[RECORDS FOR THIS TASK]
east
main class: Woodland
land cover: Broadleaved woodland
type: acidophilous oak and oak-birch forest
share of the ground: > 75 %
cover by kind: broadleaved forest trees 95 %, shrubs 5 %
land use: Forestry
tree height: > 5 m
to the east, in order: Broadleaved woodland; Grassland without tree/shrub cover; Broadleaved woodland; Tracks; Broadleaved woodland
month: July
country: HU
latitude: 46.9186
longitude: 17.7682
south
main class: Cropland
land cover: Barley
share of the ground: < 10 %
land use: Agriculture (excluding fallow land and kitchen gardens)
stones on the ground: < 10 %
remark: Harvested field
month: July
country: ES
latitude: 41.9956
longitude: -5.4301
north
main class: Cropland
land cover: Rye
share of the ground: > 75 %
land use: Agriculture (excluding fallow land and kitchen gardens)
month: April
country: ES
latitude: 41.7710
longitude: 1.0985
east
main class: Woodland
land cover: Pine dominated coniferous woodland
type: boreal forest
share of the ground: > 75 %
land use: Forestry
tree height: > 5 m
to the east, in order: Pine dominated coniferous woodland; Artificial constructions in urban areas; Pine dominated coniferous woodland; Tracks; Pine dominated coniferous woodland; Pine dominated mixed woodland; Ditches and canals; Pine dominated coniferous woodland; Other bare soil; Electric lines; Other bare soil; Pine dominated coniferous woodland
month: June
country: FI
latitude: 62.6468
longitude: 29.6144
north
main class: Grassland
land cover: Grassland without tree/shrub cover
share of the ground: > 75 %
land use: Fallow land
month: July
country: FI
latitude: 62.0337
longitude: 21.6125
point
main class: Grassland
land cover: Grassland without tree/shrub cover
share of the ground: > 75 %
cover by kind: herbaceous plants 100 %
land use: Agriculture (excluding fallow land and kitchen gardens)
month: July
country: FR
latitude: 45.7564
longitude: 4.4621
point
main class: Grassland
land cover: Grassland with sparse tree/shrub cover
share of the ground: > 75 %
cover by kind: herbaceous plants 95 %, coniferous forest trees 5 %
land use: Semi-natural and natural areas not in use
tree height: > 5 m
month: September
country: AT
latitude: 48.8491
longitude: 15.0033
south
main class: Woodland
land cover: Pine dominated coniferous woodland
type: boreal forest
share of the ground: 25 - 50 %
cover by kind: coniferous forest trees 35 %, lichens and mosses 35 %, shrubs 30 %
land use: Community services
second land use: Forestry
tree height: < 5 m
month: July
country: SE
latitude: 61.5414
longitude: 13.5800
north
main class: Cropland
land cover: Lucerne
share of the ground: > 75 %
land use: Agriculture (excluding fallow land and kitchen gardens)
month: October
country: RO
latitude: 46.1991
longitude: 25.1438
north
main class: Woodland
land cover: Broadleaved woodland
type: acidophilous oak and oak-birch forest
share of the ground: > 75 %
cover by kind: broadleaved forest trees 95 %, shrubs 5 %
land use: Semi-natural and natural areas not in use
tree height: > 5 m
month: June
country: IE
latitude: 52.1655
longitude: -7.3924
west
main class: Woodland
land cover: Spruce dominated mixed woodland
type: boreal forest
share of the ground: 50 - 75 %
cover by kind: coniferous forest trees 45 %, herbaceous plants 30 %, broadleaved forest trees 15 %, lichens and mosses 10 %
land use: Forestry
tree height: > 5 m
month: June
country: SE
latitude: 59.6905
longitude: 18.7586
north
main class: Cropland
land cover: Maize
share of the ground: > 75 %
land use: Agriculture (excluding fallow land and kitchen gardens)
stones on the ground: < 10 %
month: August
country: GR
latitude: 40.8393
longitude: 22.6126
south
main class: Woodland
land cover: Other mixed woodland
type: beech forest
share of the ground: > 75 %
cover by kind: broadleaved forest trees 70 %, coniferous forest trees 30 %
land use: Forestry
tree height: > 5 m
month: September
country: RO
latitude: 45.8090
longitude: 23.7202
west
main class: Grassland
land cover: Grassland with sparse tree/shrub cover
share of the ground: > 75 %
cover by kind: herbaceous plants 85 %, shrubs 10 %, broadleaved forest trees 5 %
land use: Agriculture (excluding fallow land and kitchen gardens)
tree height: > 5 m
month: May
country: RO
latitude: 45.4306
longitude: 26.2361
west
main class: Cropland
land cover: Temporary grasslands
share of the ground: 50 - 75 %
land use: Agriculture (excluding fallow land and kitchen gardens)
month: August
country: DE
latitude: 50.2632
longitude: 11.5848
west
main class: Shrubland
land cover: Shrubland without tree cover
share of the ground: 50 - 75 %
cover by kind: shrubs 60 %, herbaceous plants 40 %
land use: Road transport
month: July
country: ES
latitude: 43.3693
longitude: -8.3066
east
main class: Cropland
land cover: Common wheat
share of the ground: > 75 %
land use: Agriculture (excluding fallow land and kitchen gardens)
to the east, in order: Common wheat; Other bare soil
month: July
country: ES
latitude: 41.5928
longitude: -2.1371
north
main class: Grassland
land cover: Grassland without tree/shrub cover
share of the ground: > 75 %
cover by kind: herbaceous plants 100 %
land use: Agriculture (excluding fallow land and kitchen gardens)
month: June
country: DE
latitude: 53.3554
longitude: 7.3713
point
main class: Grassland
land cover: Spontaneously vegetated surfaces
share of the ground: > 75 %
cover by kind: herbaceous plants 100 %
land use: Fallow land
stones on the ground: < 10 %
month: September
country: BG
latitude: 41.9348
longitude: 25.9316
[/RECORDS FOR THIS TASK]
» **WHAT TO DO**: The records above must be retyped in full, exactly as written.

» **EXERCISE OUTPUT**:
east
main class: Woodland
land cover: Broadleaved woodland
type: acidophilous oak and oak-birch forest
share of the ground: > 75 %
cover by kind: broadleaved forest trees 95 %, shrubs 5 %
land use: Forestry
tree height: > 5 m
to the east, in order: Broadleaved woodland; Grassland without tree/shrub cover; Broadleaved woodland; Tracks; Broadleaved woodland
month: July
country: HU
latitude: 46.9186
longitude: 17.7682
south
main class: Cropland
land cover: Barley
share of the ground: < 10 %
land use: Agriculture (excluding fallow land and kitchen gardens)
stones on the ground: < 10 %
remark: Harvested field
month: July
country: ES
latitude: 41.9956
longitude: -5.4301
north
main class: Cropland
land cover: Rye
share of the ground: > 75 %
land use: Agriculture (excluding fallow land and kitchen gardens)
month: April
country: ES
latitude: 41.7710
longitude: 1.0985
east
main class: Woodland
land cover: Pine dominated coniferous woodland
type: boreal forest
share of the ground: > 75 %
land use: Forestry
tree height: > 5 m
to the east, in order: Pine dominated coniferous woodland; Artificial constructions in urban areas; Pine dominated coniferous woodland; Tracks; Pine dominated coniferous woodland; Pine dominated mixed woodland; Ditches and canals; Pine dominated coniferous woodland; Other bare soil; Electric lines; Other bare soil; Pine dominated coniferous woodland
month: June
country: FI
latitude: 62.6468
longitude: 29.6144
north
main class: Grassland
land cover: Grassland without tree/shrub cover
share of the ground: > 75 %
land use: Fallow land
month: July
country: FI
latitude: 62.0337
longitude: 21.6125
point
main class: Grassland
land cover: Grassland without tree/shrub cover
share of the ground: > 75 %
cover by kind: herbaceous plants 100 %
land use: Agriculture (excluding fallow land and kitchen gardens)
month: July
country: FR
latitude: 45.7564
longitude: 4.4621
point
main class: Grassland
land cover: Grassland with sparse tree/shrub cover
share of the ground: > 75 %
cover by kind: herbaceous plants 95 %, coniferous forest trees 5 %
land use: Semi-natural and natural areas not in use
tree height: > 5 m
month: September
country: AT
latitude: 48.8491
longitude: 15.0033
south
main class: Woodland
land cover: Pine dominated coniferous woodland
type: boreal forest
share of the ground: 25 - 50 %
cover by kind: coniferous forest trees 35 %, lichens and mosses 35 %, shrubs 30 %
land use: Community services
second land use: Forestry
tree height: < 5 m
month: July
country: SE
latitude: 61.5414
longitude: 13.5800
north
main class: Cropland
land cover: Lucerne
share of the ground: > 75 %
land use: Agriculture (excluding fallow land and kitchen gardens)
month: October
country: RO
latitude: 46.1991
longitude: 25.1438
north
main class: Woodland
land cover: Broadleaved woodland
type: acidophilous oak and oak-birch forest
share of the ground: > 75 %
cover by kind: broadleaved forest trees 95 %, shrubs 5 %
land use: Semi-natural and natural areas not in use
tree height: > 5 m
month: June
country: IE
latitude: 52.1655
longitude: -7.3924
west
main class: Woodland
land cover: Spruce dominated mixed woodland
type: boreal forest
share of the ground: 50 - 75 %
cover by kind: coniferous forest trees 45 %, herbaceous plants 30 %, broadleaved forest trees 15 %, lichens and mosses 10 %
land use: Forestry
tree height: > 5 m
month: June
country: SE
latitude: 59.6905
longitude: 18.7586
north
main class: Cropland
land cover: Maize
share of the ground: > 75 %
land use: Agriculture (excluding fallow land and kitchen gardens)
stones on the ground: < 10 %
month: August
country: GR
latitude: 40.8393
longitude: 22.6126
south
main class: Woodland
land cover: Other mixed woodland
type: beech forest
share of the ground: > 75 %
cover by kind: broadleaved forest trees 70 %, coniferous forest trees 30 %
land use: Forestry
tree height: > 5 m
month: September
country: RO
latitude: 45.8090
longitude: 23.7202
west
main class: Grassland
land cover: Grassland with sparse tree/shrub cover
share of the ground: > 75 %
cover by kind: herbaceous plants 85 %, shrubs 10 %, broadleaved forest trees 5 %
land use: Agriculture (excluding fallow land and kitchen gardens)
tree height: > 5 m
month: May
country: RO
latitude: 45.4306
longitude: 26.2361
west
main class: Cropland
land cover: Temporary grasslands
share of the ground: 50 - 75 %
land use: Agriculture (excluding fallow land and kitchen gardens)
month: August
country: DE
latitude: 50.2632
longitude: 11.5848
west
main class: Shrubland
land cover: Shrubland without tree cover
share of the ground: 50 - 75 %
cover by kind: shrubs 60 %, herbaceous plants 40 %
land use: Road transport
month: July
country: ES
latitude: 43.3693
longitude: -8.3066
east
main class: Cropland
land cover: Common wheat
share of the ground: > 75 %
land use: Agriculture (excluding fallow land and kitchen gardens)
to the east, in order: Common wheat; Other bare soil
month: July
country: ES
latitude: 41.5928
longitude: -2.1371
north
main class: Grassland
land cover: Grassland without tree/shrub cover
share of the ground: > 75 %
cover by kind: herbaceous plants 100 %
land use: Agriculture (excluding fallow land and kitchen gardens)
month: June
country: DE
latitude: 53.3554
longitude: 7.3713
point
main class: Grassland
land cover: Spontaneously vegetated surfaces
share of the ground: > 75 %
cover by kind: herbaceous plants 100 %
land use: Fallow land
stones on the ground: < 10 %
month: September
country: BG
latitude: 41.9348
longitude: 25.9316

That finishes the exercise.